### DATA IN THIS EXERCISE
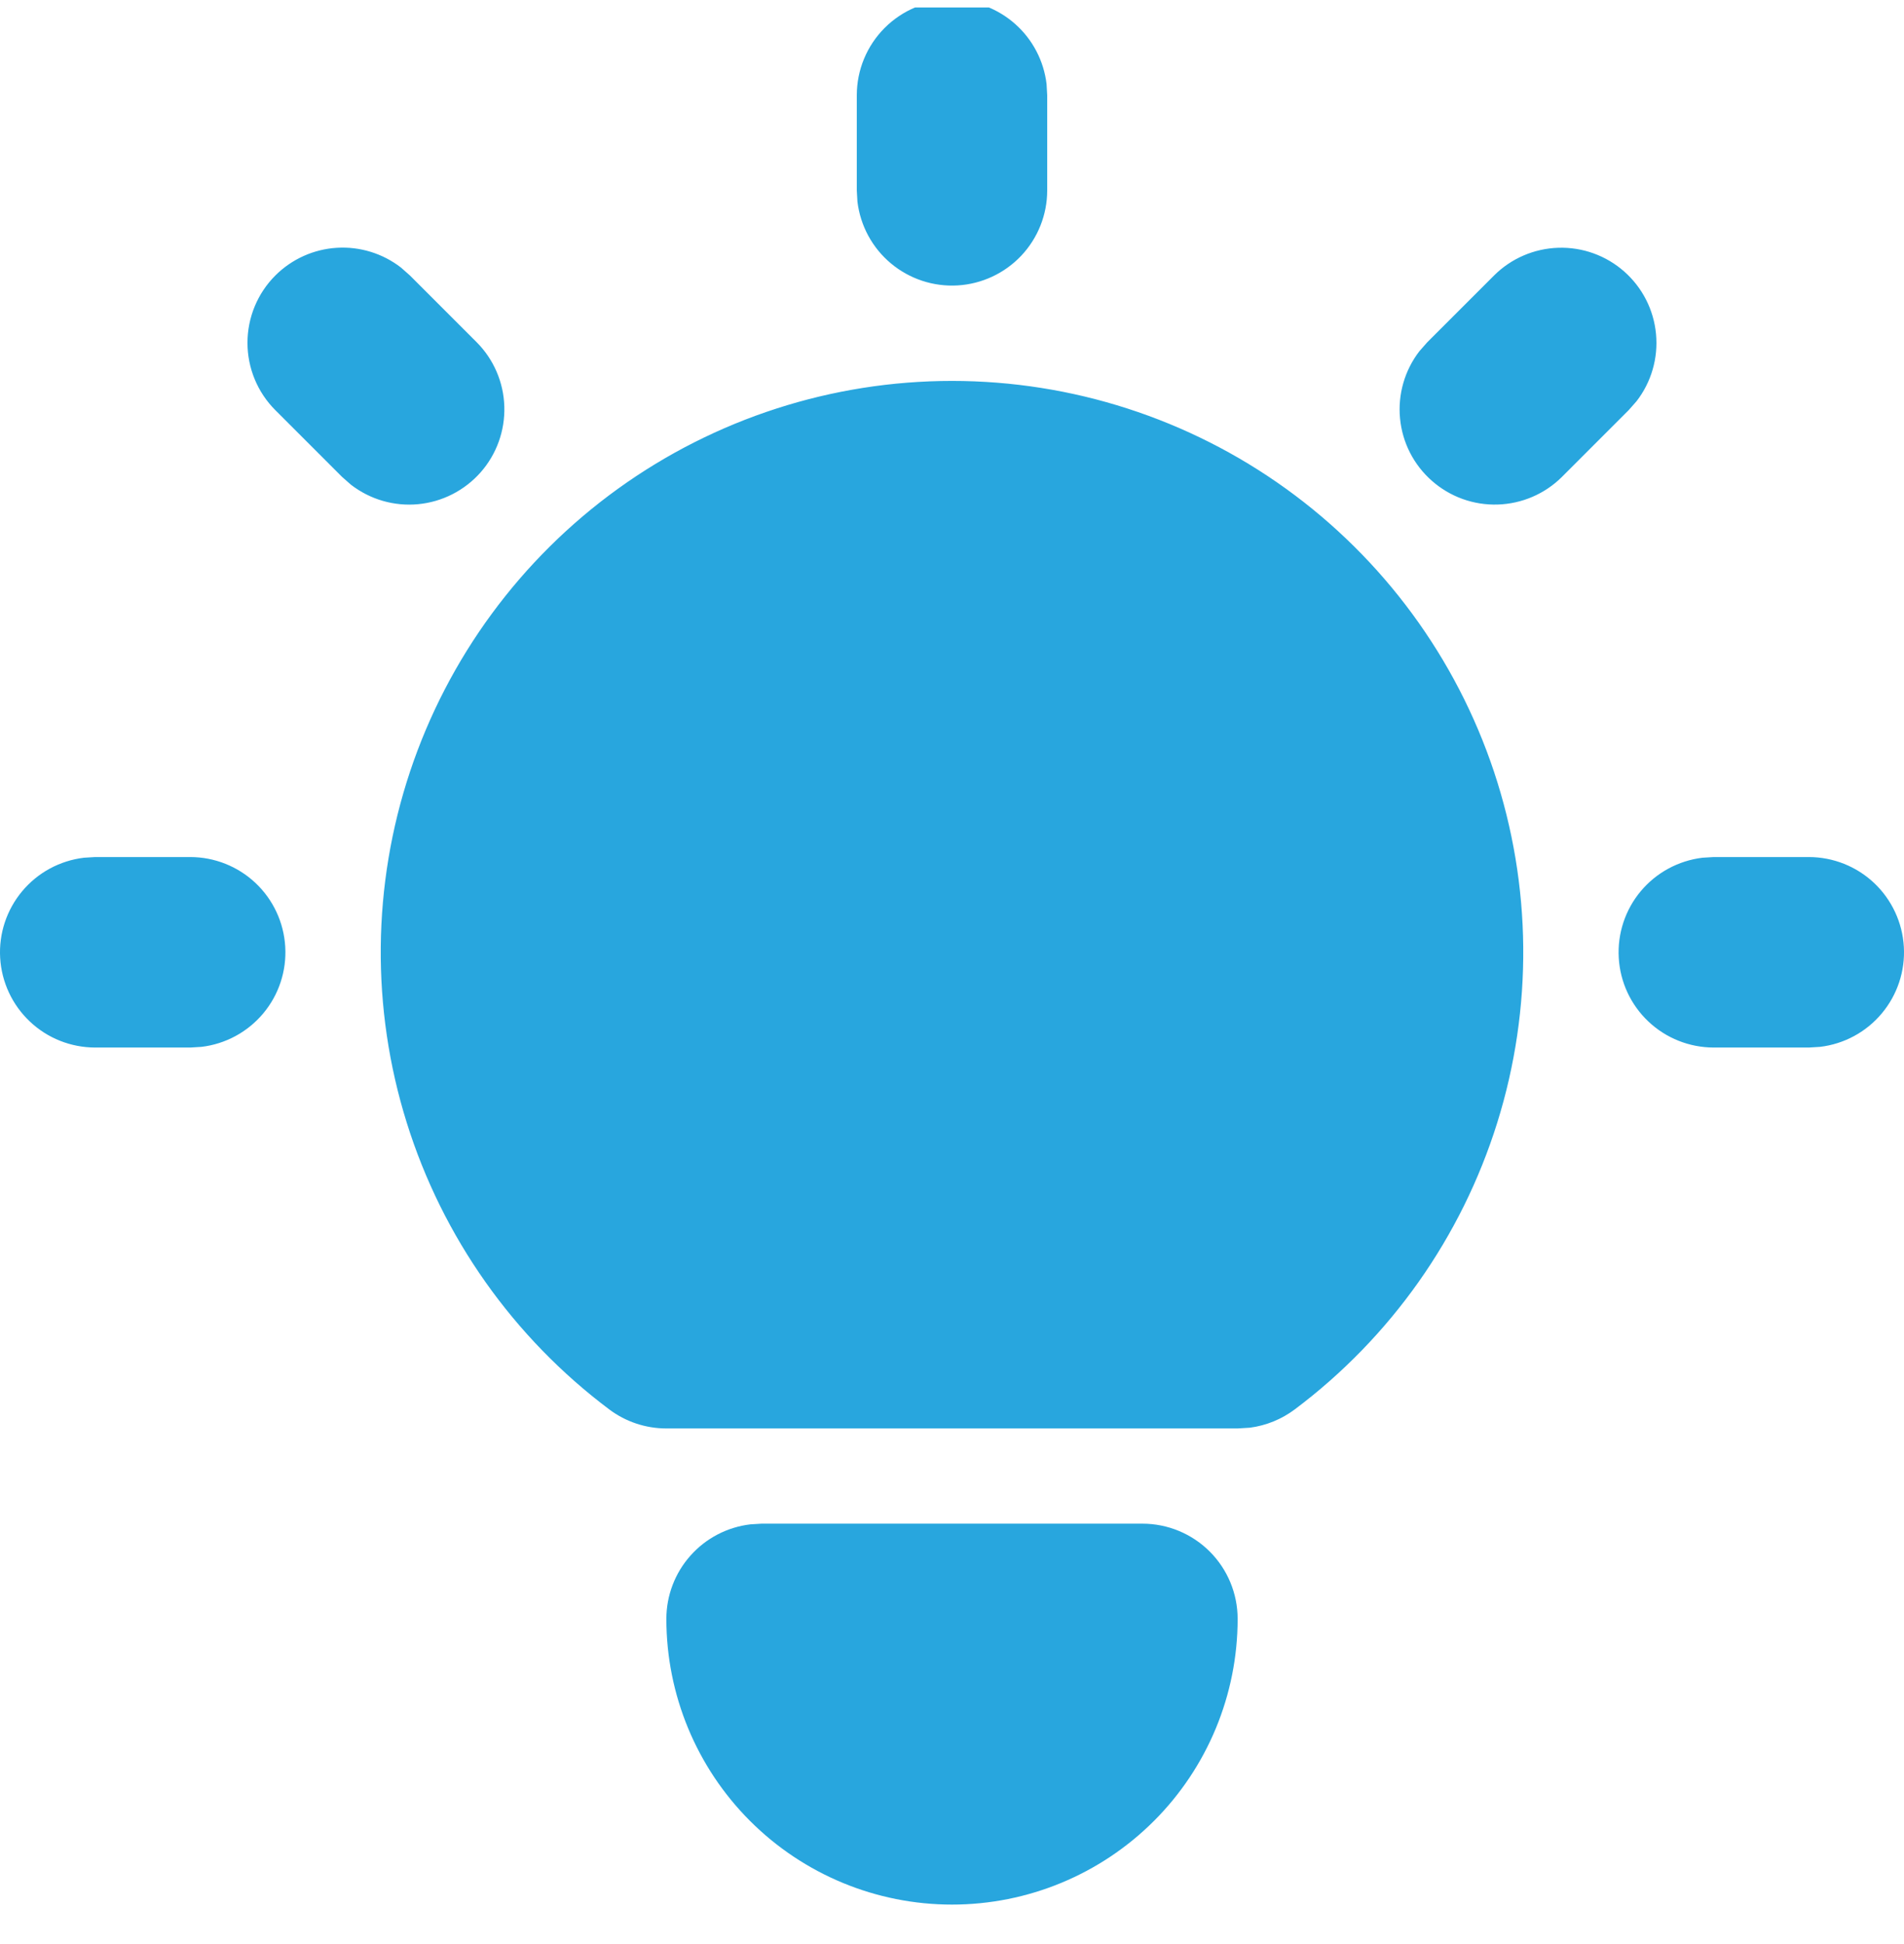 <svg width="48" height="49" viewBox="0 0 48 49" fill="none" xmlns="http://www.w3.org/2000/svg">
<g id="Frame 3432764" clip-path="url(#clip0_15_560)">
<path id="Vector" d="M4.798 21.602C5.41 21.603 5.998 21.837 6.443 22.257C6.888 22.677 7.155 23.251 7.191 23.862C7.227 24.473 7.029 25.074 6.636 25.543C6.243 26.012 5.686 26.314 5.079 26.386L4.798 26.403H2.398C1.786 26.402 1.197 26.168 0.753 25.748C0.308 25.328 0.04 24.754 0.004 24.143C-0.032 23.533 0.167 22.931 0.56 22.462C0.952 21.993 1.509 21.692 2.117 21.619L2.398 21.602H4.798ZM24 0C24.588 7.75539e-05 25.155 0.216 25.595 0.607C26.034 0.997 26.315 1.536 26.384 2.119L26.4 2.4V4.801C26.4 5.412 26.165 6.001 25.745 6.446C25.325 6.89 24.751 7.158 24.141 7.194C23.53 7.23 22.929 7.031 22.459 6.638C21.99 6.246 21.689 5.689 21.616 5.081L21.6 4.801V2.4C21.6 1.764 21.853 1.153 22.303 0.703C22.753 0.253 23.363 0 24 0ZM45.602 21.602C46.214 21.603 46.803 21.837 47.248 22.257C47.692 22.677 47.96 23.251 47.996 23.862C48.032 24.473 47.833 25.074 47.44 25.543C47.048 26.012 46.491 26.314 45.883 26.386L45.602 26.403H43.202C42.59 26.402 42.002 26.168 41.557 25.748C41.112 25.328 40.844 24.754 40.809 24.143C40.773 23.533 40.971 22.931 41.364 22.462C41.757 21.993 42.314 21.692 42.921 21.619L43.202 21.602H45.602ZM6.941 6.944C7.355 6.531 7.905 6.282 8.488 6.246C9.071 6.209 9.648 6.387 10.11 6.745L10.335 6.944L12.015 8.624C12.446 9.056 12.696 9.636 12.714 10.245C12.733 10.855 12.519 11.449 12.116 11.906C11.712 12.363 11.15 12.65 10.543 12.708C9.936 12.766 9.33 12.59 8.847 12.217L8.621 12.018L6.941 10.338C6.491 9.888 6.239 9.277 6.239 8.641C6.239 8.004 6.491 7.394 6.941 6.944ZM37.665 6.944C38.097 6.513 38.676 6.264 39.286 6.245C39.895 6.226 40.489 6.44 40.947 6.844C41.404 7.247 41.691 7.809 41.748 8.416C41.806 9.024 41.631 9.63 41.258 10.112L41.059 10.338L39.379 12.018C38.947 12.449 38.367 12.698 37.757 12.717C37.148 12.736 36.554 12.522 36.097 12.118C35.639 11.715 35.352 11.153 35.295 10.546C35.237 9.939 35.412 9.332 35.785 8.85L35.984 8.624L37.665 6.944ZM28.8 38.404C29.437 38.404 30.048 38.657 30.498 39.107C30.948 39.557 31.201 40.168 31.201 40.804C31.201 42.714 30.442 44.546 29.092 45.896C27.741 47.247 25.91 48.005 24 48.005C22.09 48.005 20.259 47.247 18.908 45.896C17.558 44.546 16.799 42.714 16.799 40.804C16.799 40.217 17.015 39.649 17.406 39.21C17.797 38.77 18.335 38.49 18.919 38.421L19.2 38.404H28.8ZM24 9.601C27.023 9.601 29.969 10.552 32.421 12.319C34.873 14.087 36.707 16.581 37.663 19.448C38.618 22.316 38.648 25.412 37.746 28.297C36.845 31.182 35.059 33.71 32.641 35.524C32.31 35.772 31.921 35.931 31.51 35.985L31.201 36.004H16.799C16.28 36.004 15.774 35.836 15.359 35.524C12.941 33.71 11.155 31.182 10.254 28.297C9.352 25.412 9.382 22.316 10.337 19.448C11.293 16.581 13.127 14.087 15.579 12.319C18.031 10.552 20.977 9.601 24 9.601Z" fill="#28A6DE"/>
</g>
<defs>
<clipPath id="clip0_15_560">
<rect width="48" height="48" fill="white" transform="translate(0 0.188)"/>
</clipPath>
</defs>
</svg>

### WHAT THIS TASK INVOLVES
A verbatim transcript of the entries above is required, with the pictures left out.

### RESPONSE BOX
 <svg width="48" height="49" viewBox="0 0 48 49" fill="none" xmlns="http://www.w3.org/2000/svg">
<g id="Frame 3432764" clip-path="url(#clip0_15_560)">
<path id="Vector" d="M4.798 21.602C5.41 21.603 5.998 21.837 6.443 22.257C6.888 22.677 7.155 23.251 7.191 23.862C7.227 24.473 7.029 25.074 6.636 25.543C6.243 26.012 5.686 26.314 5.079 26.386L4.798 26.403H2.398C1.786 26.402 1.197 26.168 0.753 25.748C0.308 25.328 0.04 24.754 0.004 24.143C-0.032 23.533 0.167 22.931 0.56 22.462C0.952 21.993 1.509 21.692 2.117 21.619L2.398 21.602H4.798ZM24 0C24.588 7.75539e-05 25.155 0.216 25.595 0.607C26.034 0.997 26.315 1.536 26.384 2.119L26.4 2.4V4.801C26.4 5.412 26.165 6.001 25.745 6.446C25.325 6.89 24.751 7.158 24.141 7.194C23.53 7.23 22.929 7.031 22.459 6.638C21.99 6.246 21.689 5.689 21.616 5.081L21.6 4.801V2.4C21.6 1.764 21.853 1.153 22.303 0.703C22.753 0.253 23.363 0 24 0ZM45.602 21.602C46.214 21.603 46.803 21.837 47.248 22.257C47.692 22.677 47.96 23.251 47.996 23.862C48.032 24.473 47.833 25.074 47.44 25.543C47.048 26.012 46.491 26.314 45.883 26.386L45.602 26.403H43.202C42.59 26.402 42.002 26.168 41.557 25.748C41.112 25.328 40.844 24.754 40.809 24.143C40.773 23.533 40.971 22.931 41.364 22.462C41.757 21.993 42.314 21.692 42.921 21.619L43.202 21.602H45.602ZM6.941 6.944C7.355 6.531 7.905 6.282 8.488 6.246C9.071 6.209 9.648 6.387 10.11 6.745L10.335 6.944L12.015 8.624C12.446 9.056 12.696 9.636 12.714 10.245C12.733 10.855 12.519 11.449 12.116 11.906C11.712 12.363 11.15 12.65 10.543 12.708C9.936 12.766 9.33 12.59 8.847 12.217L8.621 12.018L6.941 10.338C6.491 9.888 6.239 9.277 6.239 8.641C6.239 8.004 6.491 7.394 6.941 6.944ZM37.665 6.944C38.097 6.513 38.676 6.264 39.286 6.245C39.895 6.226 40.489 6.44 40.947 6.844C41.404 7.247 41.691 7.809 41.748 8.416C41.806 9.024 41.631 9.63 41.258 10.112L41.059 10.338L39.379 12.018C38.947 12.449 38.367 12.698 37.757 12.717C37.148 12.736 36.554 12.522 36.097 12.118C35.639 11.715 35.352 11.153 35.295 10.546C35.237 9.939 35.412 9.332 35.785 8.85L35.984 8.624L37.665 6.944ZM28.8 38.404C29.437 38.404 30.048 38.657 30.498 39.107C30.948 39.557 31.201 40.168 31.201 40.804C31.201 42.714 30.442 44.546 29.092 45.896C27.741 47.247 25.91 48.005 24 48.005C22.09 48.005 20.259 47.247 18.908 45.896C17.558 44.546 16.799 42.714 16.799 40.804C16.799 40.217 17.015 39.649 17.406 39.21C17.797 38.77 18.335 38.49 18.919 38.421L19.2 38.404H28.8ZM24 9.601C27.023 9.601 29.969 10.552 32.421 12.319C34.873 14.087 36.707 16.581 37.663 19.448C38.618 22.316 38.648 25.412 37.746 28.297C36.845 31.182 35.059 33.71 32.641 35.524C32.31 35.772 31.921 35.931 31.51 35.985L31.201 36.004H16.799C16.28 36.004 15.774 35.836 15.359 35.524C12.941 33.71 11.155 31.182 10.254 28.297C9.352 25.412 9.382 22.316 10.337 19.448C11.293 16.581 13.127 14.087 15.579 12.319C18.031 10.552 20.977 9.601 24 9.601Z" fill="#28A6DE"/>
</g>
<defs>
<clipPath id="clip0_15_560">
<rect width="48" height="48" fill="white" transform="translate(0 0.188)"/>
</clipPath>
</defs>
</svg>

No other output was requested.